Records from a dataset
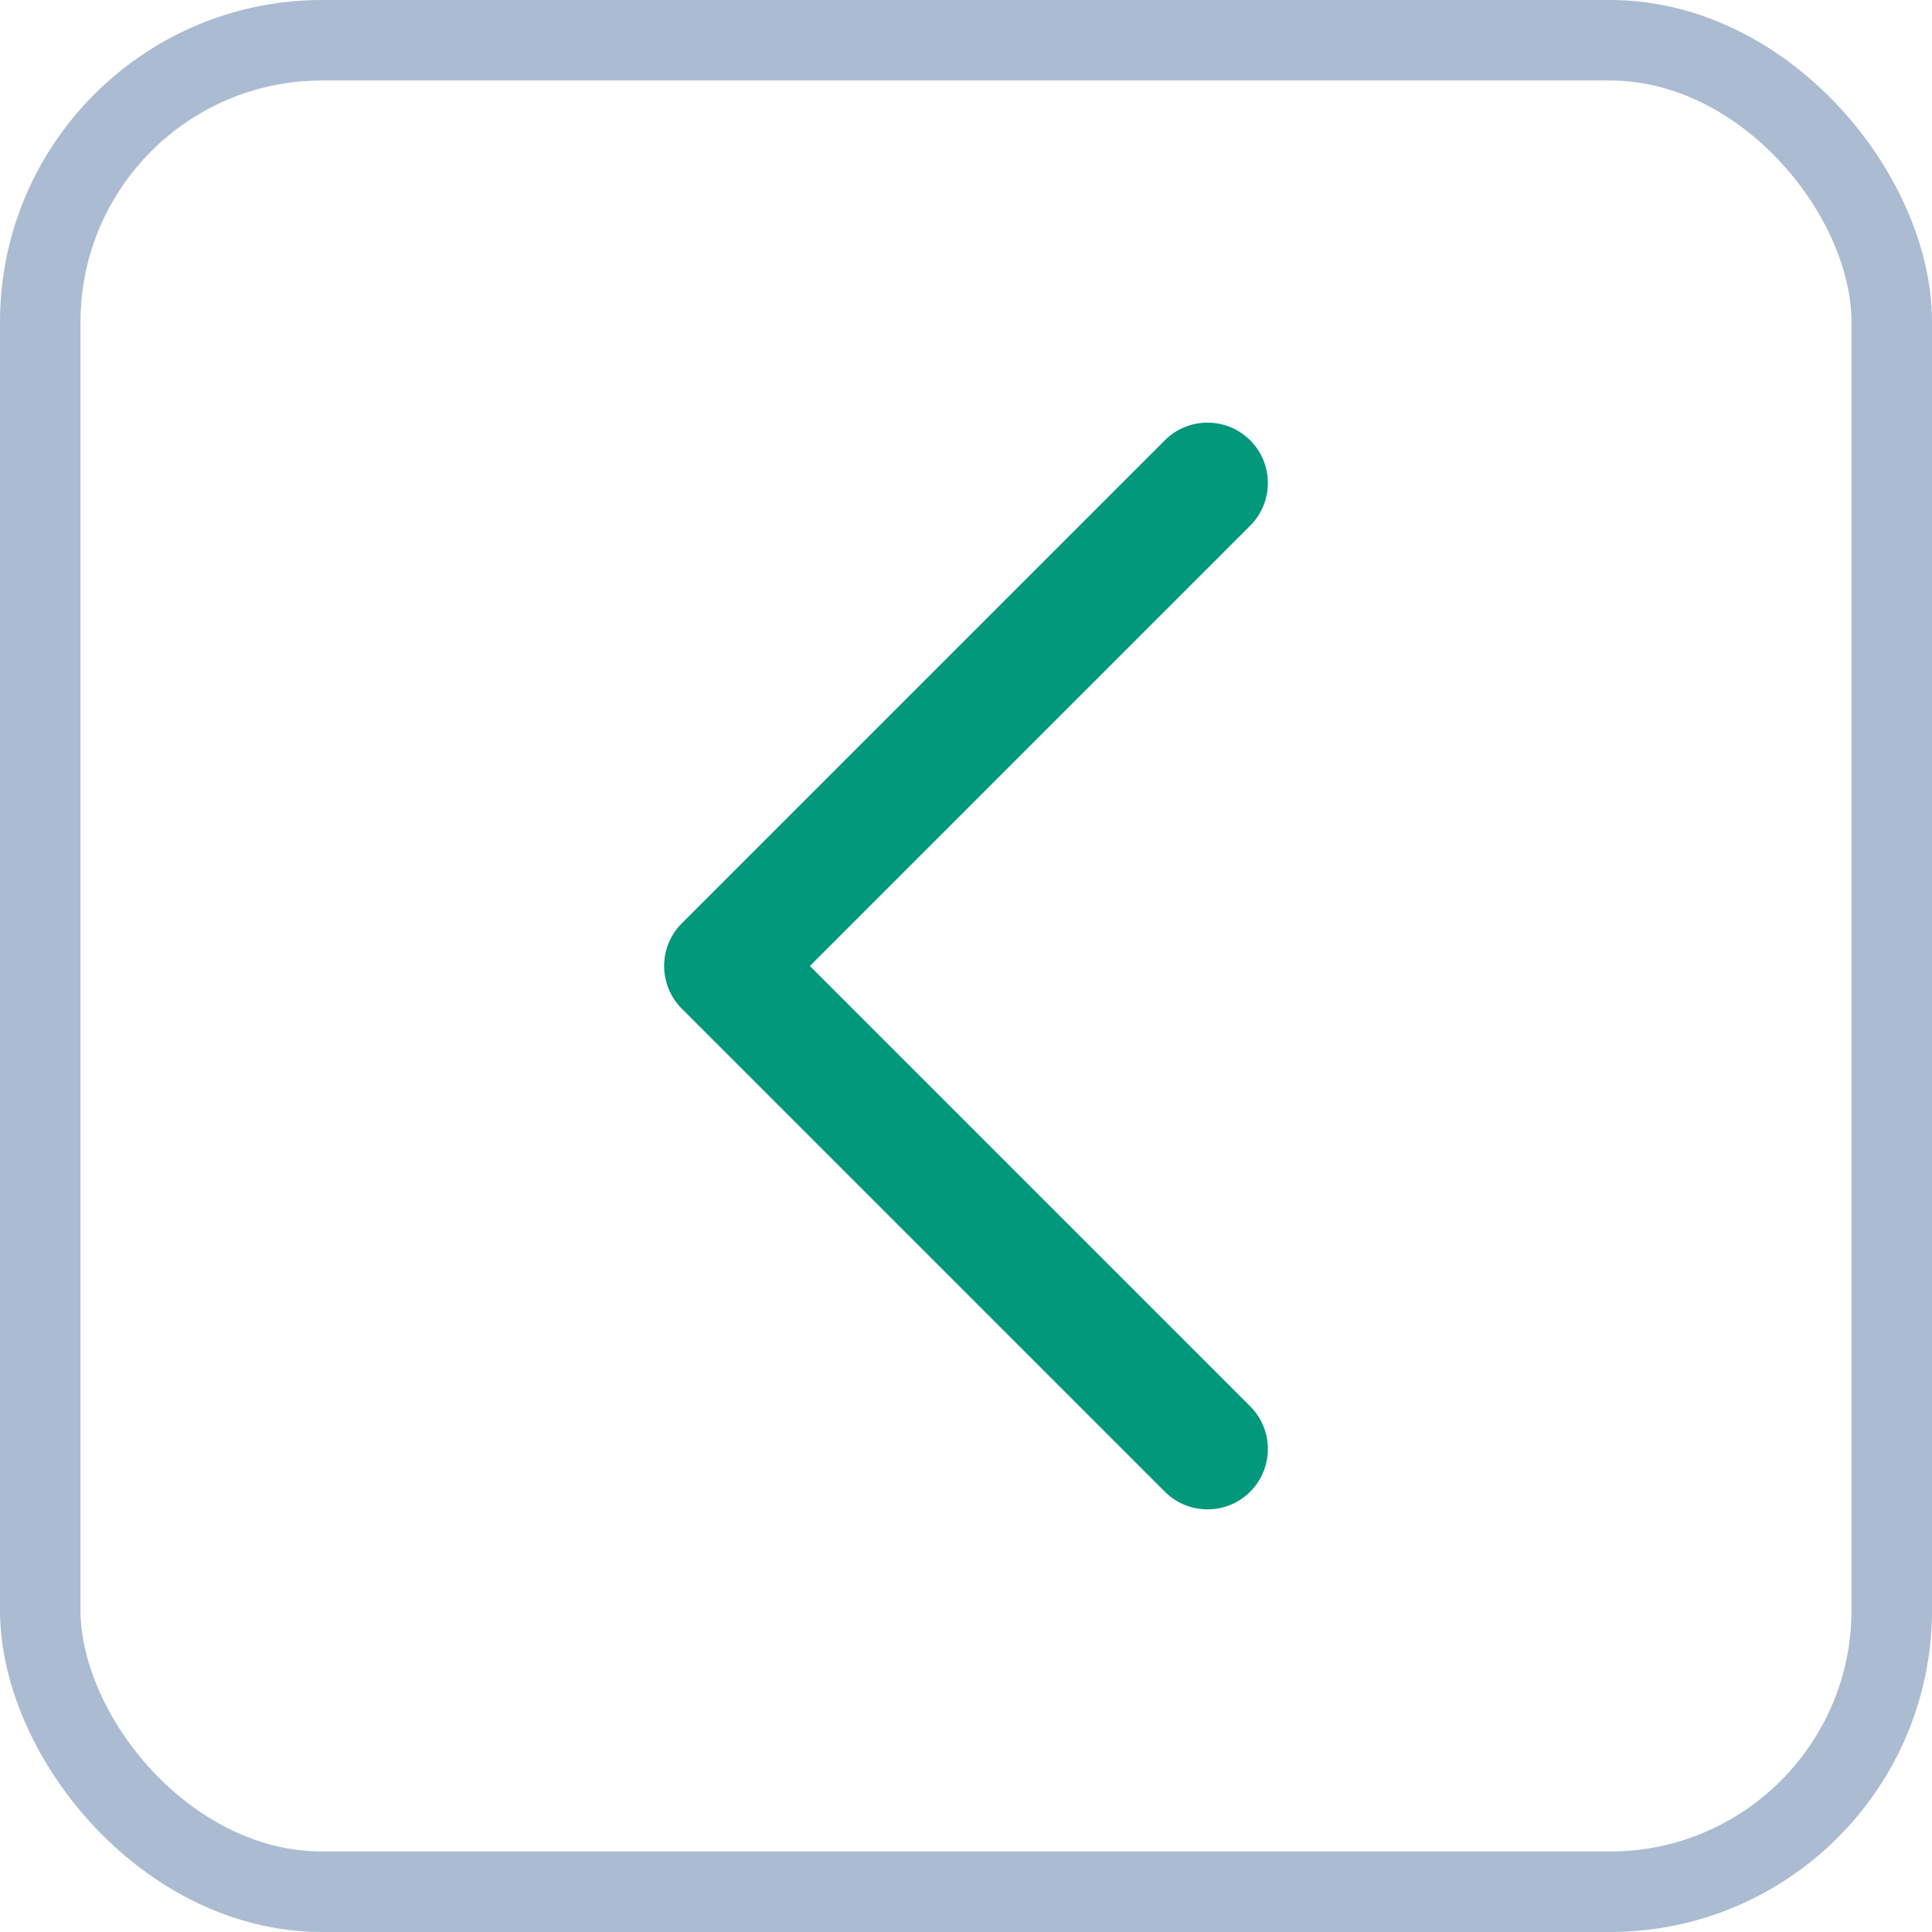 <svg width="24" height="24" viewBox="0 0 24 24" fill="none" xmlns="http://www.w3.org/2000/svg">
<g id="nav-arrow-left">
<path id="Vector" d="M15 6L9 12L15 18" stroke="#02987C" stroke-width="1.5" stroke-linecap="round" stroke-linejoin="round"/>
<rect x="0.5" y="0.5" width="23" height="23" rx="3.5" stroke="#ABBBD2"/>
</g>
</svg>

WHAT YOU NEED TO DO:
Having removed the pictures, write out the records exactly as they stand.

EXPECTED ANSWER:
 <svg width="24" height="24" viewBox="0 0 24 24" fill="none" xmlns="http://www.w3.org/2000/svg">
<g id="nav-arrow-left">
<path id="Vector" d="M15 6L9 12L15 18" stroke="#02987C" stroke-width="1.5" stroke-linecap="round" stroke-linejoin="round"/>
<rect x="0.5" y="0.5" width="23" height="23" rx="3.5" stroke="#ABBBD2"/>
</g>
</svg>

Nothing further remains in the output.